Final answer:
The algebraic property of equality used when stating that if 6 = 60, then 1 = 10, is the Division Property of Equality. This property allows division of both sides of an equation by the same non-zero number while maintaining the truth of the equation.
Step-by-step explanation:
The question asks to identify the algebraic property of equality that is being used when we infer that if 6 = 60, then 1 = 10. Looking at the given statement, the correct algebraic property is the Division Property of Equality, which states that if we divide both sides of an equation by the same non-zero number, the equality remains true. Applying this property to the equation 6 = 60, we can divide both sides by 6, which gives us 1 = 10 after applying the property correctly.

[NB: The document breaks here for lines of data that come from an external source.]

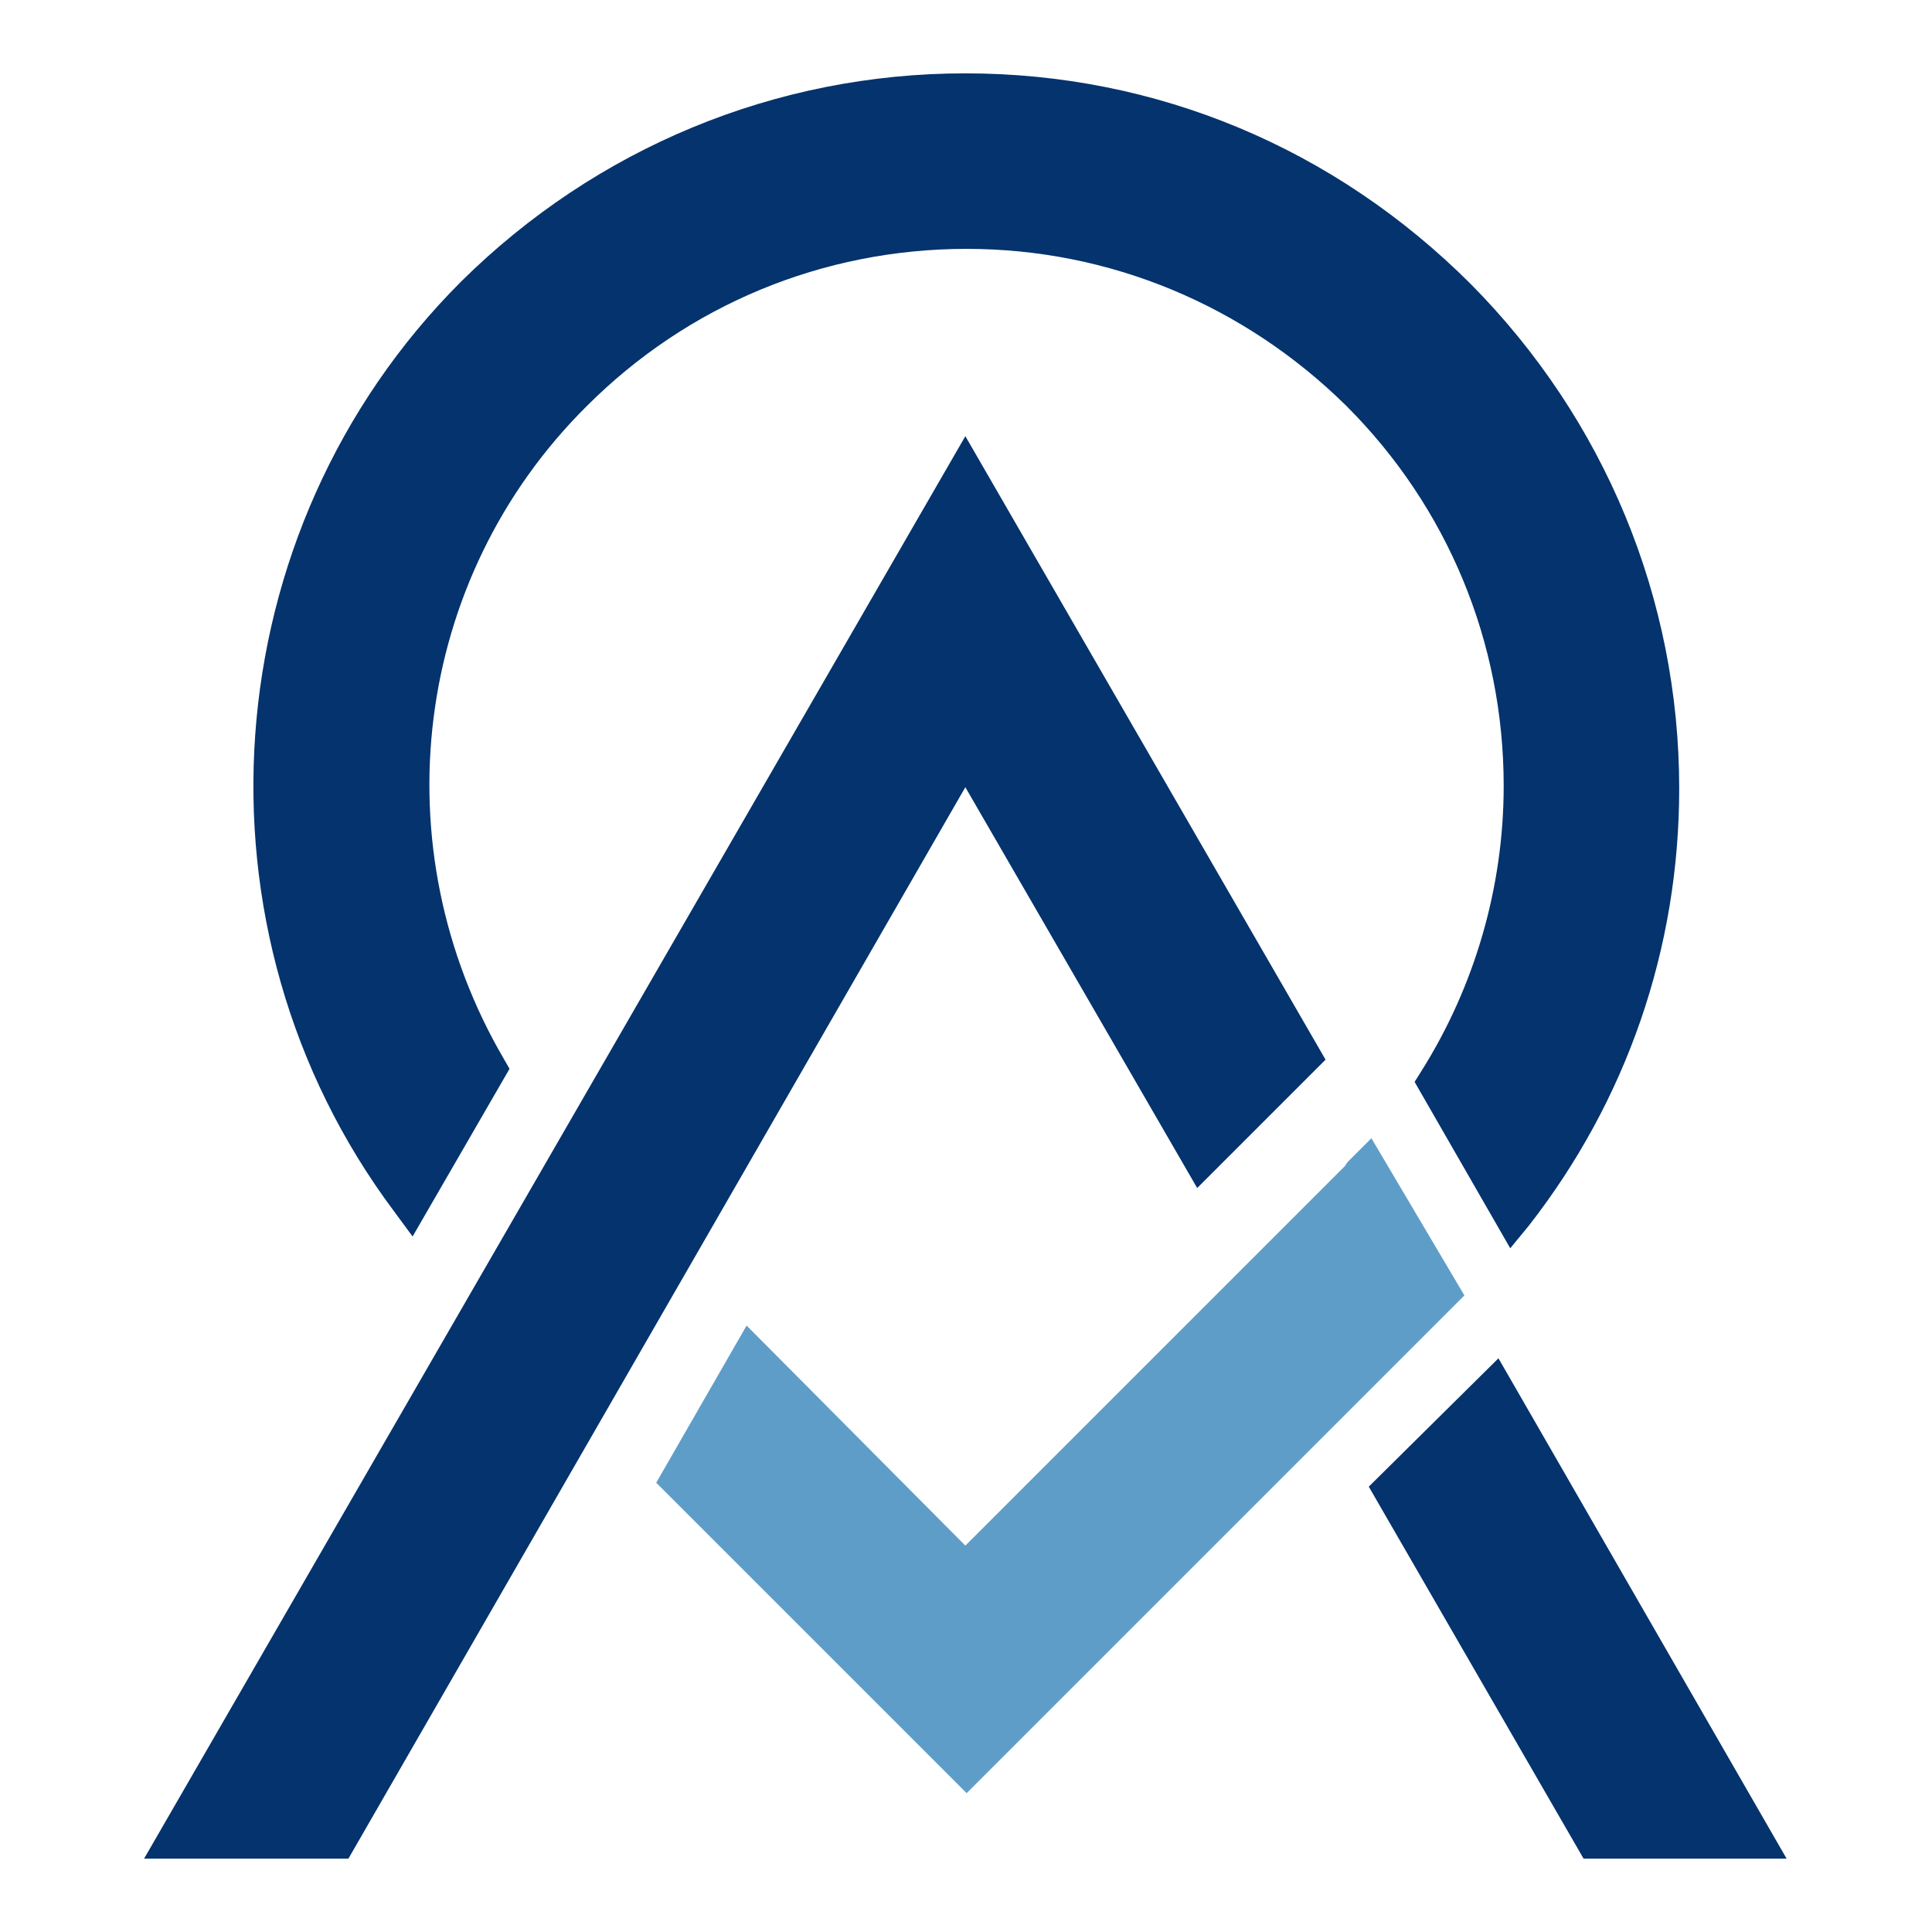 <?xml version="1.0" encoding="utf-8"?>
<!-- Generator: Adobe Illustrator 24.2.1, SVG Export Plug-In . SVG Version: 6.00 Build 0)  -->
<svg version="1.1" id="Layer_1" xmlns="http://www.w3.org/2000/svg" xmlns:xlink="http://www.w3.org/1999/xlink" x="0px" y="0px"
	 viewBox="0 0 147.5 147.5" style="enable-background:new 0 0 147.5 147.5;" xml:space="preserve">
<style type="text/css">
	.st0{fill:#04336D;}
	.st1{fill:#2175F2;}
	.st2{fill:none;stroke:#2175F2;stroke-width:2.835;stroke-miterlimit:10;}
	.st3{fill:#5E9DC8;}
	.st4{fill:#F4F4F4;}
</style>
<g>
	<g>
		<g>
			<path class="st3" d="M104.7,86.9l-1.4,1.4l-0.3,0.3c-0.1,0.1-0.2,0.2-0.3,0.4l-29,29L57,101.2l-6.9,12l23.7,23.7l29.5-29.5
				l8.5-8.5L104.7,86.9z"/>
		</g>
	</g>
	<g>
		<g>
			<polygon class="st0" points="114.4,103.7 104.5,113.5 120.9,141.9 136.4,141.9 			"/>
		</g>
	</g>
	<g>
		<g>
			<polygon class="st0" points="91.4,90.7 101.2,80.9 73.7,33.3 11,141.9 26.6,141.9 73.7,60.1 			"/>
		</g>
	</g>
	<g>
		<g>
			<path class="st0" d="M31.5,94.4l7.4-12.8l-0.4-0.7C29,64.7,31.5,44.2,44.8,31c7.7-7.7,18-12,29-12c10.9,0,21.2,4.3,29,12
				c7.7,7.7,12,18,12,29c0,7.7-2.2,15.3-6.3,21.8l-0.5,0.8l7.3,12.7l1.4-1.7c7.5-9.6,11.5-21.2,11.5-33.4c0-14.5-5.7-28.2-15.9-38.5
				C101.9,11.3,88.3,5.6,73.7,5.6c-14.5,0-28.2,5.7-38.5,15.9c-19,19-21.2,49.5-5.1,71L31.5,94.4z"/>
		</g>
	</g>
</g>
</svg>

Let us consider the equation step-by-step:
- We start with the given equation: 6 = 60.
- To find the value that corresponds to 1, we divide both sides of the equation by 6.
- Dividing both sides by 6 gives us: \(\frac{6}{6} = \frac{60}{6}\)
- Perform the division: 1 = 10.
This shows that the Division Property of Equality is used to maintain the balance in the equation and allows us to find that if 6 = 60, then 1 = 10. None of the other options (Substitution, Transitive, or Additive Property of Equality) describe this operation.
Thermodynamics is not directly related to this question, but it is interesting to note that the concept of equality and balance is a common theme in both algebra and physics. In thermodynamics, principles like the conservation of energy or the transitive property of thermal equilibrium ensure that there is a balance in the transfer of energy and heat.